(Stored items from a collection)
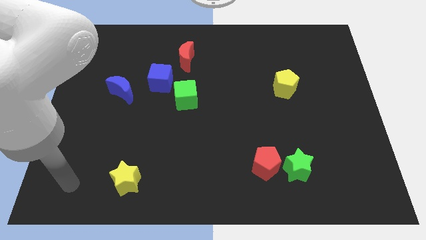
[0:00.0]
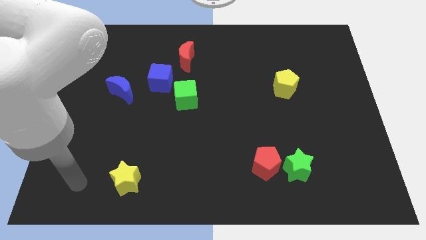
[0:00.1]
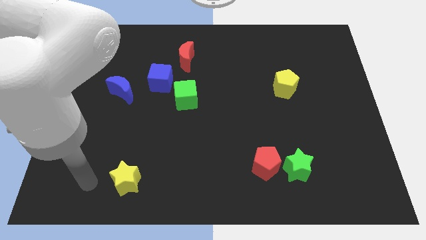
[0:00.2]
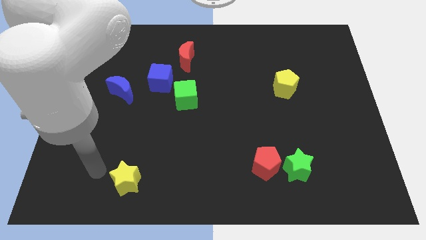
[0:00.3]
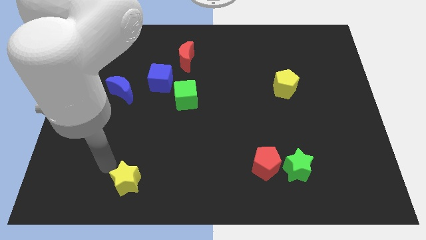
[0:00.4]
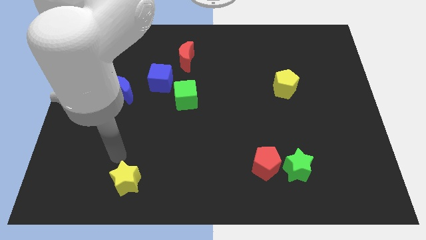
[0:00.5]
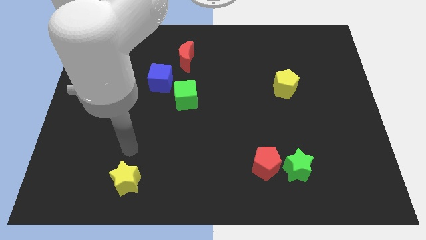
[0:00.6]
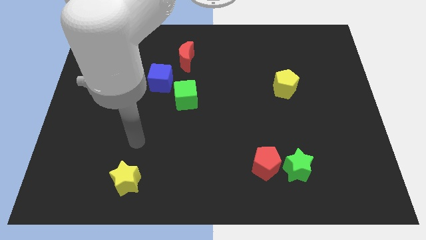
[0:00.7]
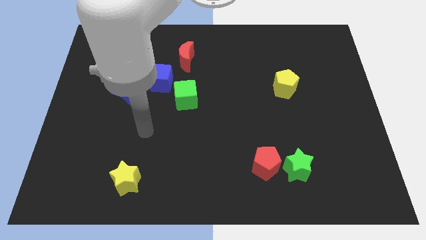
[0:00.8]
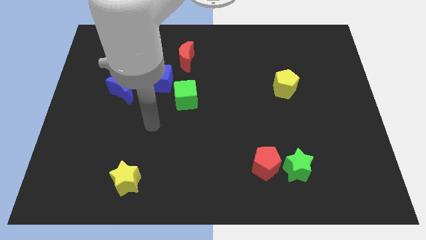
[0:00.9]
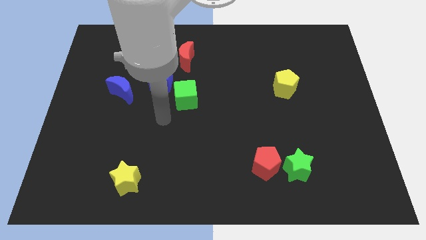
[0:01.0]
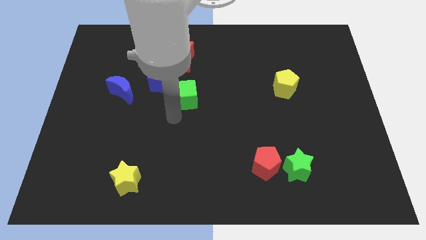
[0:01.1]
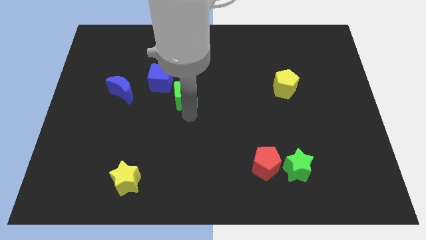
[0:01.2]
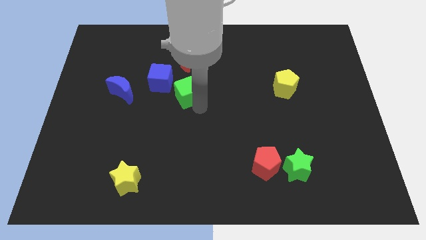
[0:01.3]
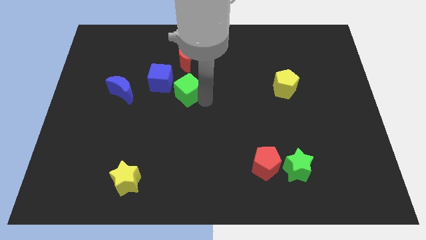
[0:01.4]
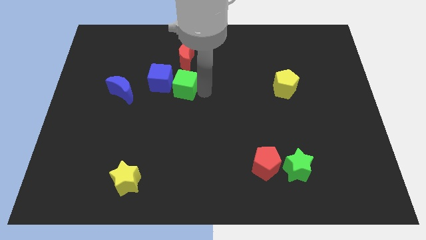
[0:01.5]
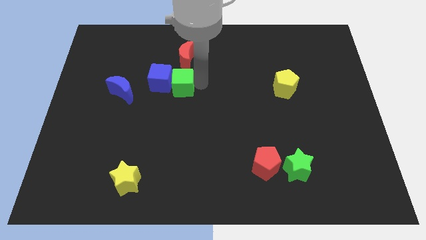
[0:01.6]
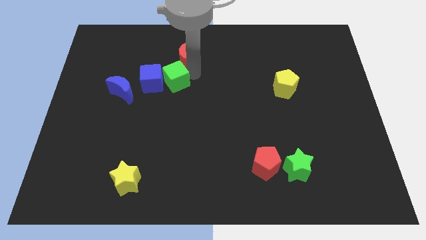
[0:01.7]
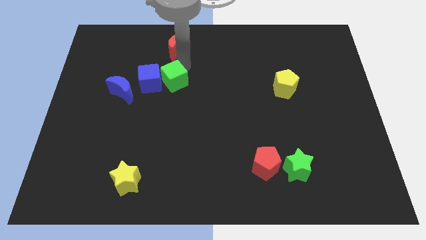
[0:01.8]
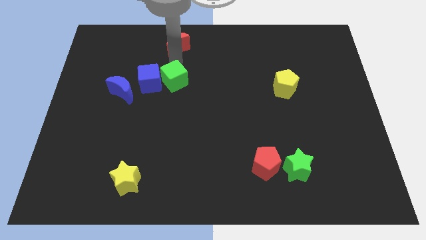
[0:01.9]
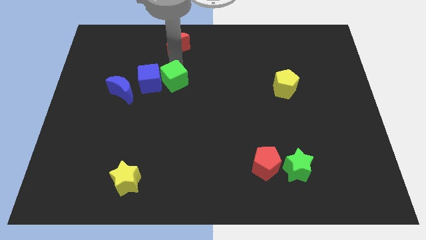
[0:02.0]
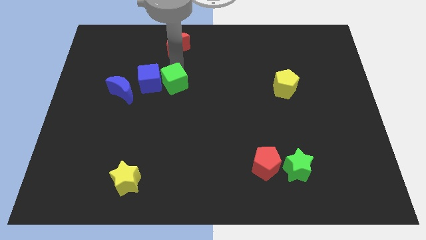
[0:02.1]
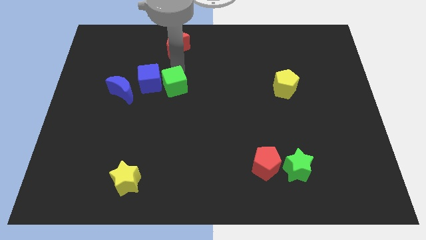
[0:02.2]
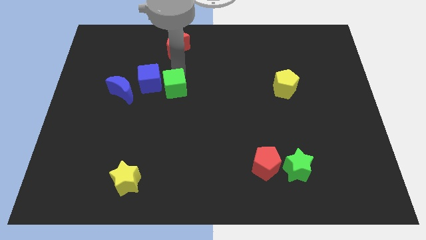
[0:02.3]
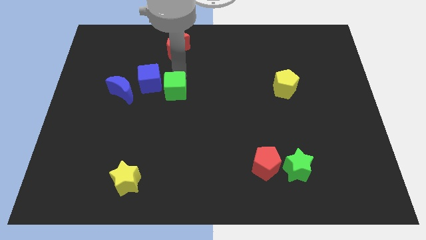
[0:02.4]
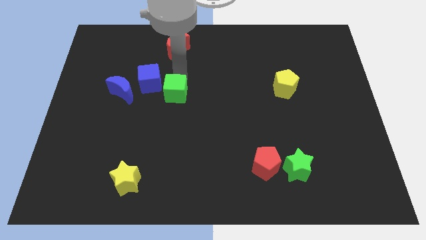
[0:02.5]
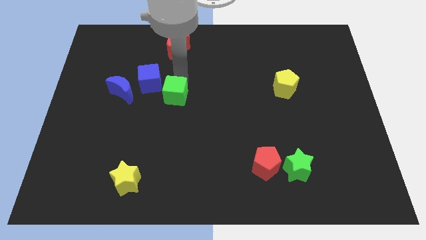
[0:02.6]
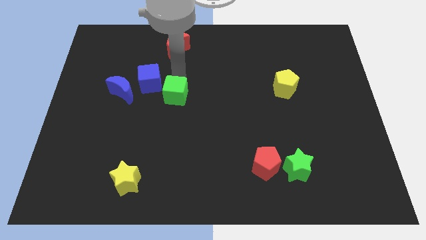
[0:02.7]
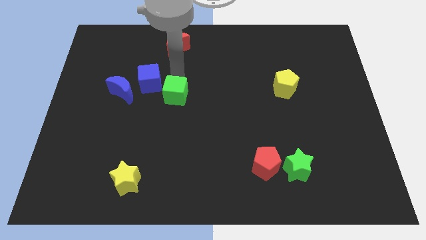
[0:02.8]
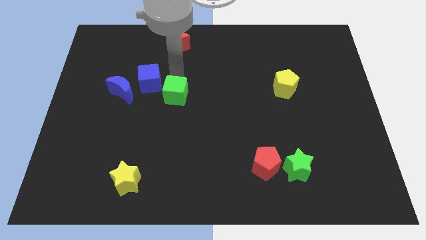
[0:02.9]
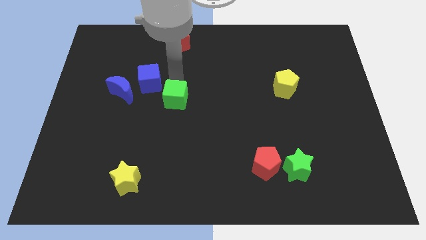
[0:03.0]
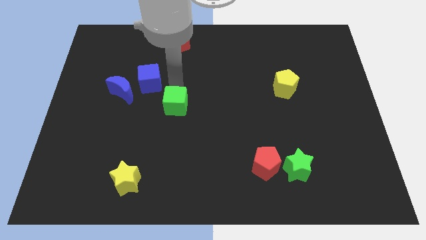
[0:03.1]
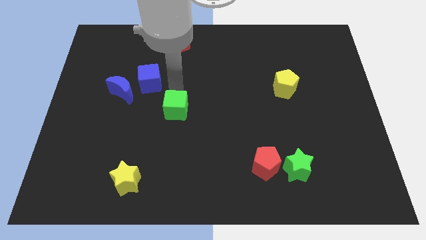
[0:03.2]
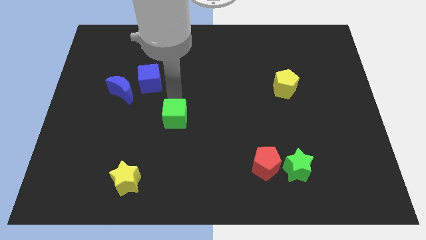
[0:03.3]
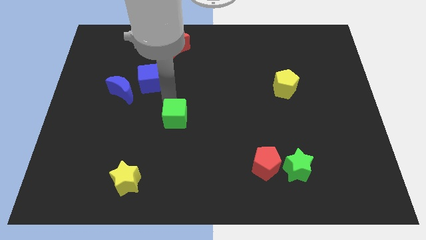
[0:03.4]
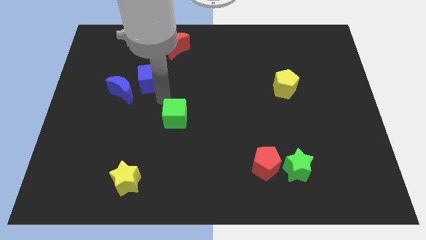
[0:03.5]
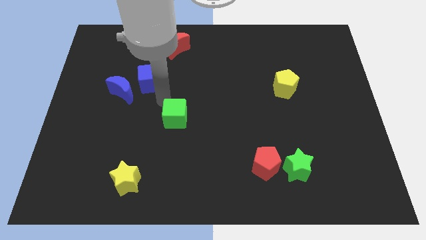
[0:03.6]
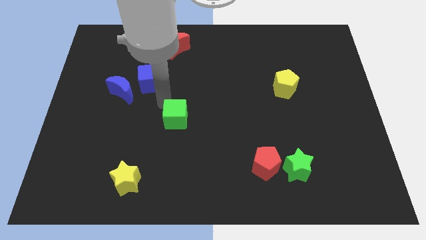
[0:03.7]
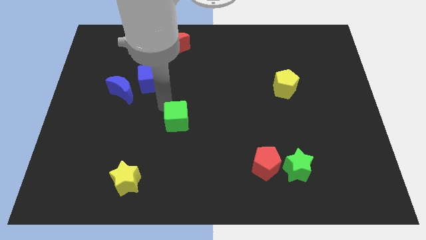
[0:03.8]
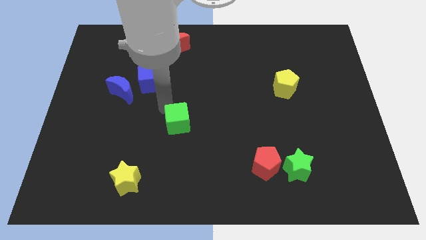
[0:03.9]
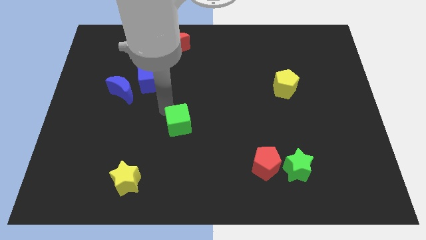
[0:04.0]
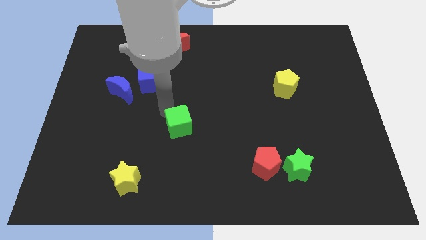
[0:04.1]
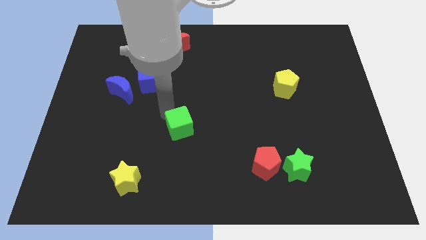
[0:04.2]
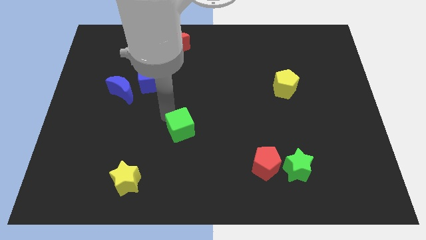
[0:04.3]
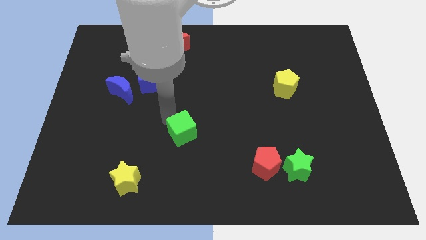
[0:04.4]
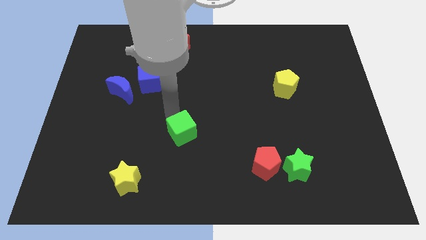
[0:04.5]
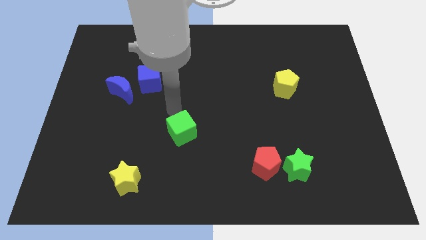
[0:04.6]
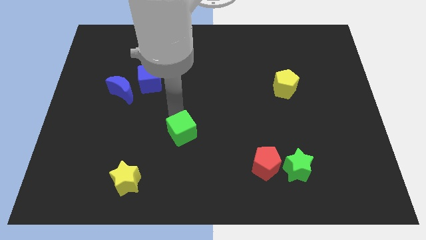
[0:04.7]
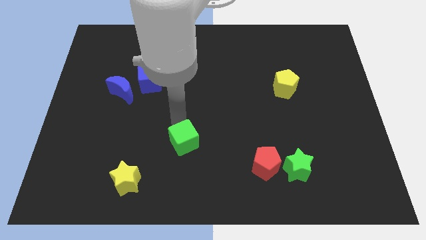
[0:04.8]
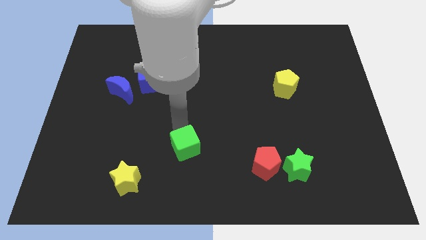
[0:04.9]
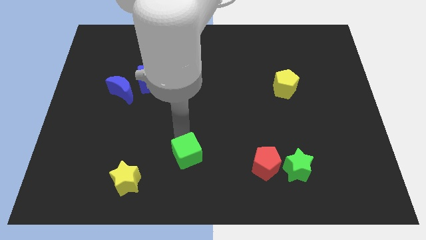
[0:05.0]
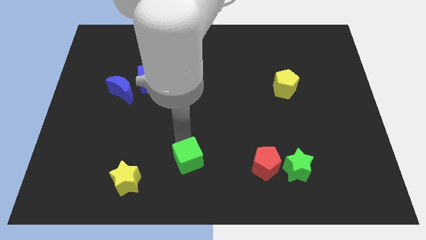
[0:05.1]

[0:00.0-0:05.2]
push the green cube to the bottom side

Required action »
Without the pictures, reproduce every record exactly as it appears above.

Exercise answer »
[0:00.0]
[0:00.1]
[0:00.2]
[0:00.3]
[0:00.4]
[0:00.5]
[0:00.6]
[0:00.7]
[0:00.8]
[0:00.9]
[0:01.0]
[0:01.1]
[0:01.2]
[0:01.3]
[0:01.4]
[0:01.5]
[0:01.6]
[0:01.7]
[0:01.8]
[0:01.9]
[0:02.0]
[0:02.1]
[0:02.2]
[0:02.3]
[0:02.4]
[0:02.5]
[0:02.6]
[0:02.7]
[0:02.8]
[0:02.9]
[0:03.0]
[0:03.1]
[0:03.2]
[0:03.3]
[0:03.4]
[0:03.5]
[0:03.6]
[0:03.7]
[0:03.8]
[0:03.9]
[0:04.0]
[0:04.1]
[0:04.2]
[0:04.3]
[0:04.4]
[0:04.5]
[0:04.6]
[0:04.7]
[0:04.8]
[0:04.9]
[0:05.0]
[0:05.1]

[0:00.0-0:05.2]
push the green cube to the bottom side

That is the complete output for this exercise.